In the UK, the National Institute for Health and Care Excellence has issued new guidance on identifying and managing familial and genetic risk of ovarian cancer (doi:10.1136/bmj.q807).7 And Kate King and colleagues provide an approach to assessing a child with suspected exposure to toxic household chemicals for those working in community settings (doi:10.1136/bmj-2023-077046).8

There are also advances in our understanding of how we can improve women’s health, maternity care, and outcomes for children.
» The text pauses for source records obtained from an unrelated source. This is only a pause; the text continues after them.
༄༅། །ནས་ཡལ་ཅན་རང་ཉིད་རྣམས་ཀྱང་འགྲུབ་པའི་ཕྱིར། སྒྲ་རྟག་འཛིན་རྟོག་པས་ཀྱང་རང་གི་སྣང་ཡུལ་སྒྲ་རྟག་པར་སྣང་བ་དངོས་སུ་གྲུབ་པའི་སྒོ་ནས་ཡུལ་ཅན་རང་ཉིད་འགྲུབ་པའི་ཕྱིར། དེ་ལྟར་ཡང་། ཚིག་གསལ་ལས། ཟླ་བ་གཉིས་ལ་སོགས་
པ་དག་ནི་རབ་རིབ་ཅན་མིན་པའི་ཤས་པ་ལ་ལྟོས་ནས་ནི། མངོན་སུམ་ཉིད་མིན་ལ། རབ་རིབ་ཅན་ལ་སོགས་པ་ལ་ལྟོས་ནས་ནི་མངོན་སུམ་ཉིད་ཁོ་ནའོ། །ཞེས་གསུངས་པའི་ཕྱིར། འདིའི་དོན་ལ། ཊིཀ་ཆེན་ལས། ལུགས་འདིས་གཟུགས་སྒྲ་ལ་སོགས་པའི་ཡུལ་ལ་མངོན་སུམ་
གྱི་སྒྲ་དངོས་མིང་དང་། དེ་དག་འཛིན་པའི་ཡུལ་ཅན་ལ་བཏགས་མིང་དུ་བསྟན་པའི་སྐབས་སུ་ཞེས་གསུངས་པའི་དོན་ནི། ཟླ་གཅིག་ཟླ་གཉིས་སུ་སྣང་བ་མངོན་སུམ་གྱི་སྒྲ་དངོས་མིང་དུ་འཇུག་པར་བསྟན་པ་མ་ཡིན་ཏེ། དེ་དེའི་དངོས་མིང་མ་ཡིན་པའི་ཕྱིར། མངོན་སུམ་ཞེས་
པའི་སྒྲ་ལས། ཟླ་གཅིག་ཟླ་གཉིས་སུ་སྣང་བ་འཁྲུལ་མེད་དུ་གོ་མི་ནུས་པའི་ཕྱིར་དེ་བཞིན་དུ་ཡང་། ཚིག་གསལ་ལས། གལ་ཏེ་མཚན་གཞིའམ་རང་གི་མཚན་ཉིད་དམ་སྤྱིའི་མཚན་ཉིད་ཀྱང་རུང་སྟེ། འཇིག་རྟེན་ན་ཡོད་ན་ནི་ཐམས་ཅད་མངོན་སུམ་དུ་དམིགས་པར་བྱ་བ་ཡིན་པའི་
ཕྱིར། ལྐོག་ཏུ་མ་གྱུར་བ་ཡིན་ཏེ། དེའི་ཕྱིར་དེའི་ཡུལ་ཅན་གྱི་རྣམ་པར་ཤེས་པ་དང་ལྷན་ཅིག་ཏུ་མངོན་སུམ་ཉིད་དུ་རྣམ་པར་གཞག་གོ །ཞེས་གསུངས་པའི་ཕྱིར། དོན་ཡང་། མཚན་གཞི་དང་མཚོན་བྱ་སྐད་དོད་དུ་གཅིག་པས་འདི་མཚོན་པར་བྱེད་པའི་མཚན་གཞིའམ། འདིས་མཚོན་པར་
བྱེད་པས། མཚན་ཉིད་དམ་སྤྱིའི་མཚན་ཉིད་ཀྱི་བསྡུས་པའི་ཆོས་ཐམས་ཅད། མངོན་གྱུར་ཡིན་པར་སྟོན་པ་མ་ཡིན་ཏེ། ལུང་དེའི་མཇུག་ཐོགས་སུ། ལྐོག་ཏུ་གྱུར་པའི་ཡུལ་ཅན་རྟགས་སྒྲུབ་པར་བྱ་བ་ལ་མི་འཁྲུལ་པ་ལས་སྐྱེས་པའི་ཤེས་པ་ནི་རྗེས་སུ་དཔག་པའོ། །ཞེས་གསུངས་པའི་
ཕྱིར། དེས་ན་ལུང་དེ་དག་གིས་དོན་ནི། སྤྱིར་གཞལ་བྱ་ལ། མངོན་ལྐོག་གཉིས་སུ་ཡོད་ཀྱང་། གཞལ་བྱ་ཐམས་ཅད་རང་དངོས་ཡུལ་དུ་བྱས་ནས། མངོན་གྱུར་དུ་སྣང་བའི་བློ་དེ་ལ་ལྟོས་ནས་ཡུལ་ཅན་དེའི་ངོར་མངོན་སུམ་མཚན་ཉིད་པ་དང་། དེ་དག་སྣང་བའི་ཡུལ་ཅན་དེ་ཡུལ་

Kevin Cooper and his team show that, for women undergoing conservative surgery to treat endometriosis, postoperative prescription of a long acting progestogen could lower the risk of needing further surgery or second line medical treatments (doi:10.1136/bmj-2023-079006).9 Ahhyung Choi and colleagues find no association between maternal or infant antibiotic use and neurodevelopmental disorders, except for a modest association between exposure to antibiotics during infancy and epilepsy (doi:10.1136/bmj-2023-076885).10

Rachel Kearns and her team show that epidural analgesia during labour is linked to a reduction in severe maternal morbidity (doi:10.1136/bmj-2023-077190).11 The findings might “serve as a catalyst for initiatives aimed at improving equitable access to epidural analgesia during labour, potentially mitigating severe maternal morbidity and improving maternal health outcomes across diverse socioeconomic and ethnic backgrounds” (doi:10.1136/bmj.q1053).12

For all these issues, once the problem has been recognised, and a potential fix identified and shown to work, then efforts to implement that solution are the key to delivering equitable access. In the end, that is how healthcare services will be able to provide the best care possible to everyone they treat.